New transitional relief

 

The preamble to the final regulations added two important, new transition rules:

(i) For employers that meet the conditions below and have fewer than 100 full-time employees (including full-time equivalents) in 2014, the employer shared responsibility rules are delayed until the first day of the 2016 plan year. To be eligible for this relief, an employer will be required to certify that it meets the following conditions:

 

The employer must employ on average at least 50 full-time employees (including full-time equivalents) but fewer than 100 full-time employees (including full-time equivalents) on business days during 2014;

 

During the period beginning on February 9, 2014 and ending on December 31, 2014, the employer may not reduce the size of its workforce or the overall hours of service of its employees in order to qualify for the transition relief (other than for bona fide business reasons); and

 

During the period beginning on February 9, 2014 and ending on the last day of the 2015 plan year, the employer does not eliminate or materially reduce the health coverage, if any, it offered as of February 9, 2014.

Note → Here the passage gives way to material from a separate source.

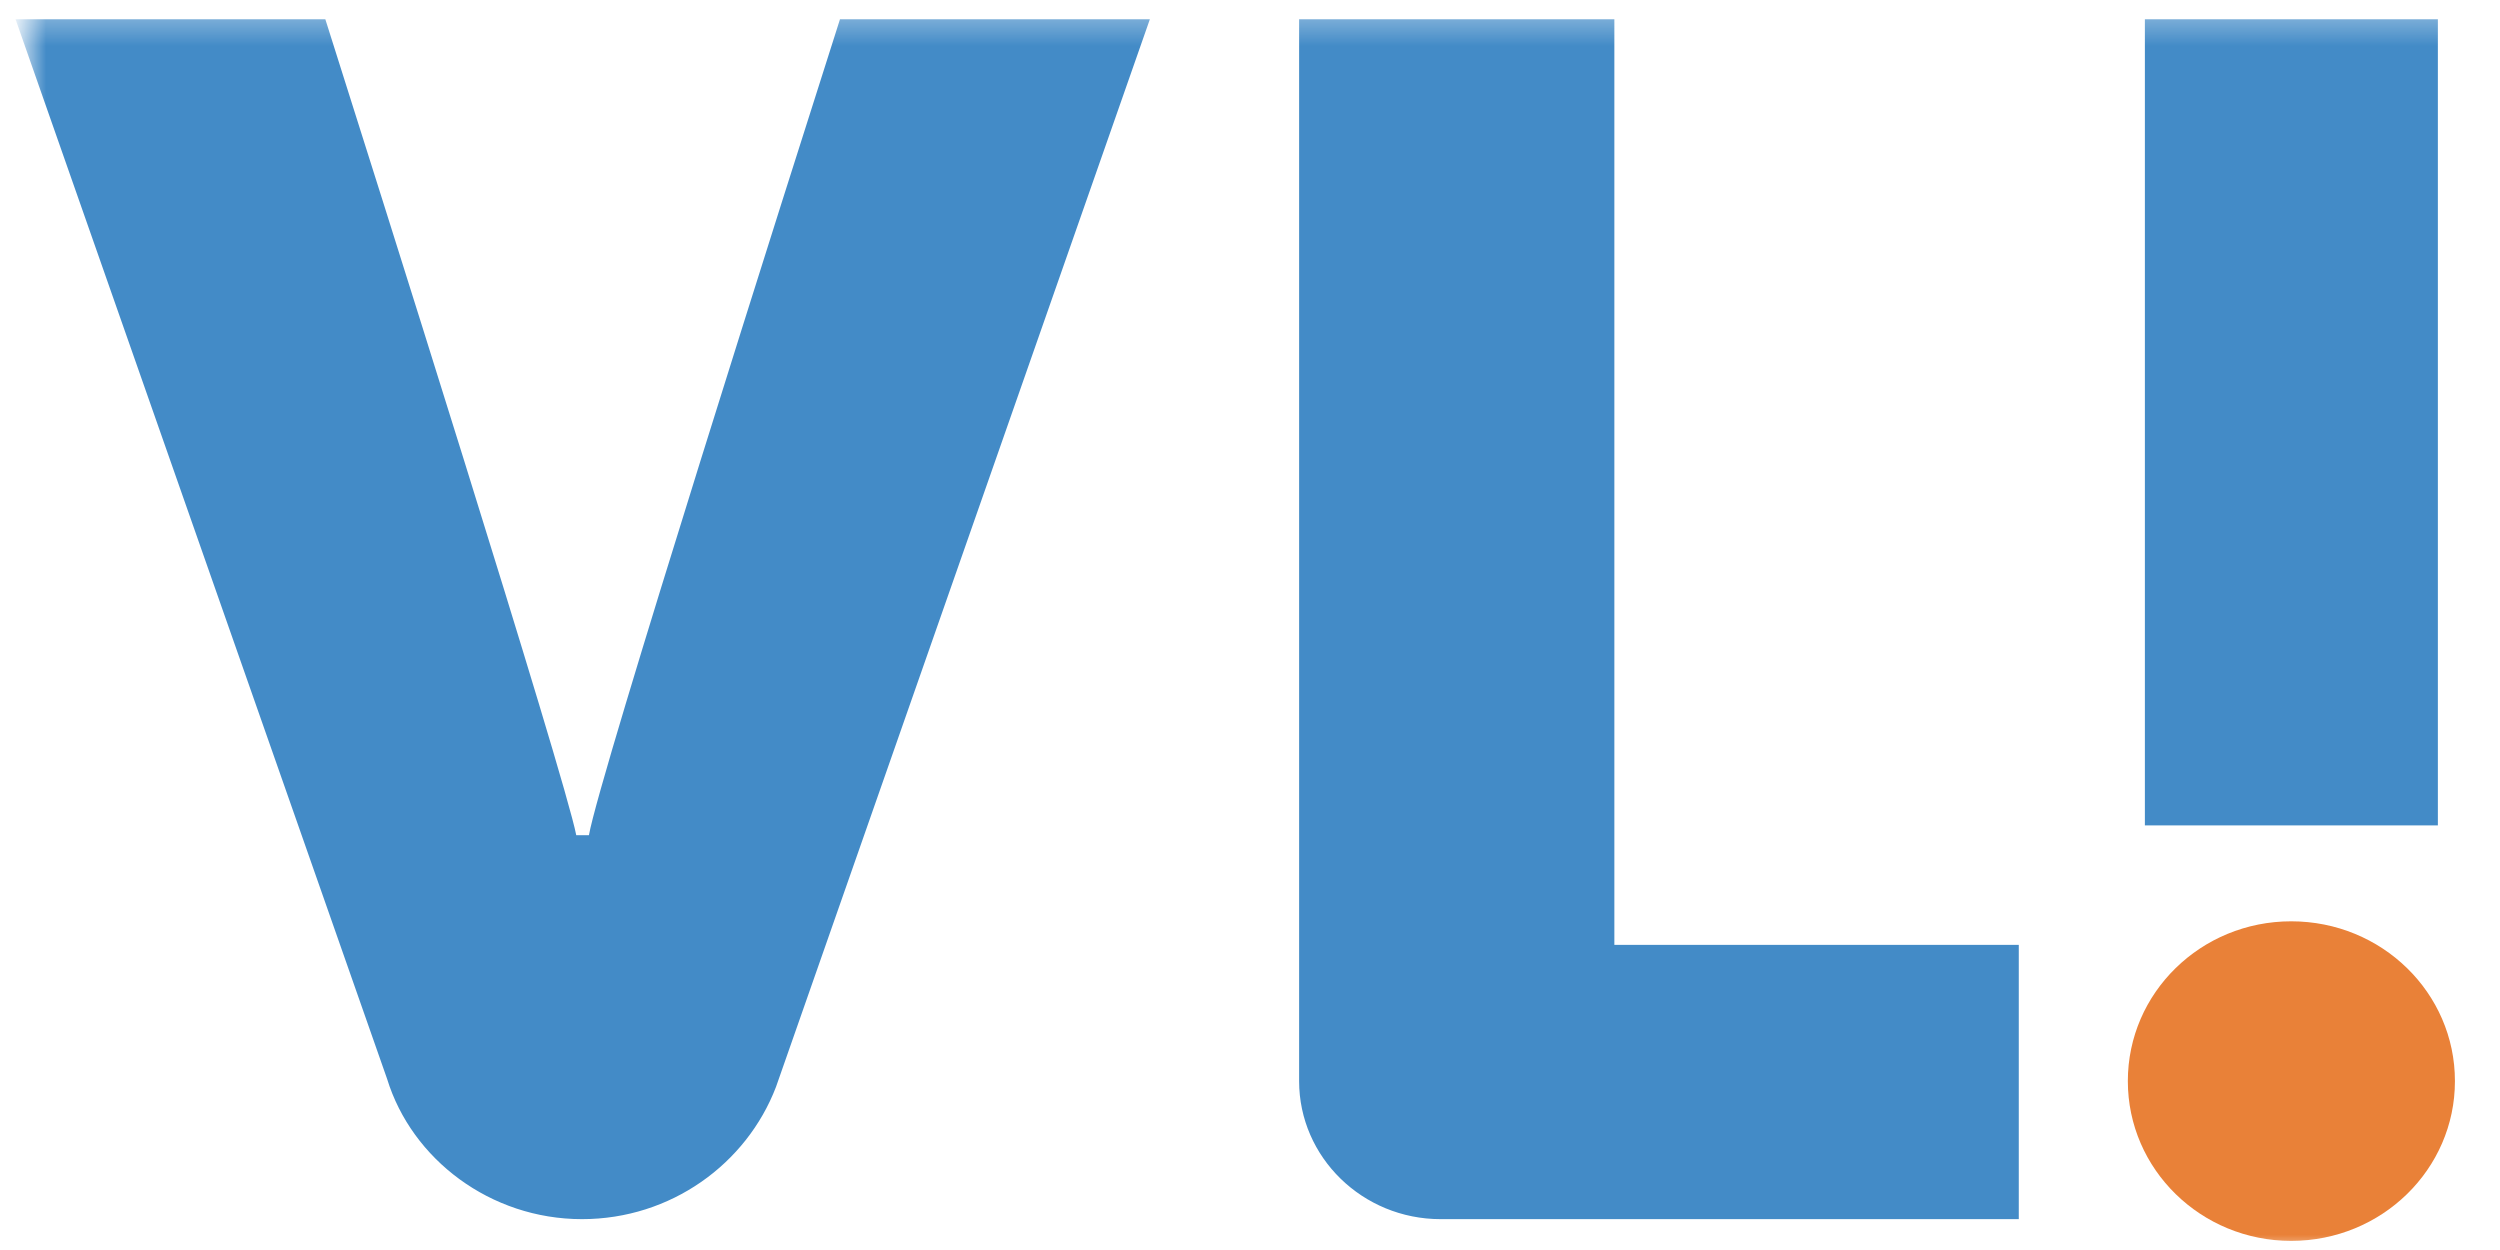 <svg xmlns="http://www.w3.org/2000/svg" width="82" height="41" viewBox="0 0 82 41" fill="none"><mask id="mask0_719_255" style="mask-type:luminance" maskUnits="userSpaceOnUse" x="0" y="0" width="82" height="41"><path d="M0.818 0.333H81.183V41H0.818V0.333Z" fill="white"></path></mask><g mask="url(#mask0_719_255)"><path d="M80.522 35.46C80.522 38.355 78.12 40.701 75.151 40.701C72.192 40.701 69.793 38.355 69.793 35.46C69.793 32.562 72.192 30.219 75.151 30.219C78.12 30.219 80.522 32.562 80.522 35.46Z" fill="#E98138"></path><path d="M70.352 27.073H79.962V0.633H70.352V27.073ZM25.453 35.65C24.487 38.177 22.001 39.988 19.09 39.988C16.087 39.988 13.508 38.027 12.696 35.386L0.51 0.632H10.671C12.205 5.471 18.539 25.492 18.901 27.395H19.317C19.652 25.451 26.008 5.465 27.551 0.633H37.715M52.951 0.631V30.991H66.216V39.988H47.253C44.692 39.988 42.611 37.957 42.611 35.461V0.631" fill="#438BC7"></path></g></svg>

(ii) Under the proposed regulations, an employer is deemed to have failed to make an offer of coverage to its full-time employees if it does not offer health coverage or offers coverage to fewer than 95% of its full-time employees and (unless the employer qualifies for the 2015 dependent coverage transition relief) the dependents of those employees. For 2015 (and for any calendar months during a non-calendar year plan year beginning in 2015 that fall in 2016), the 95% threshold is lowered to 70%.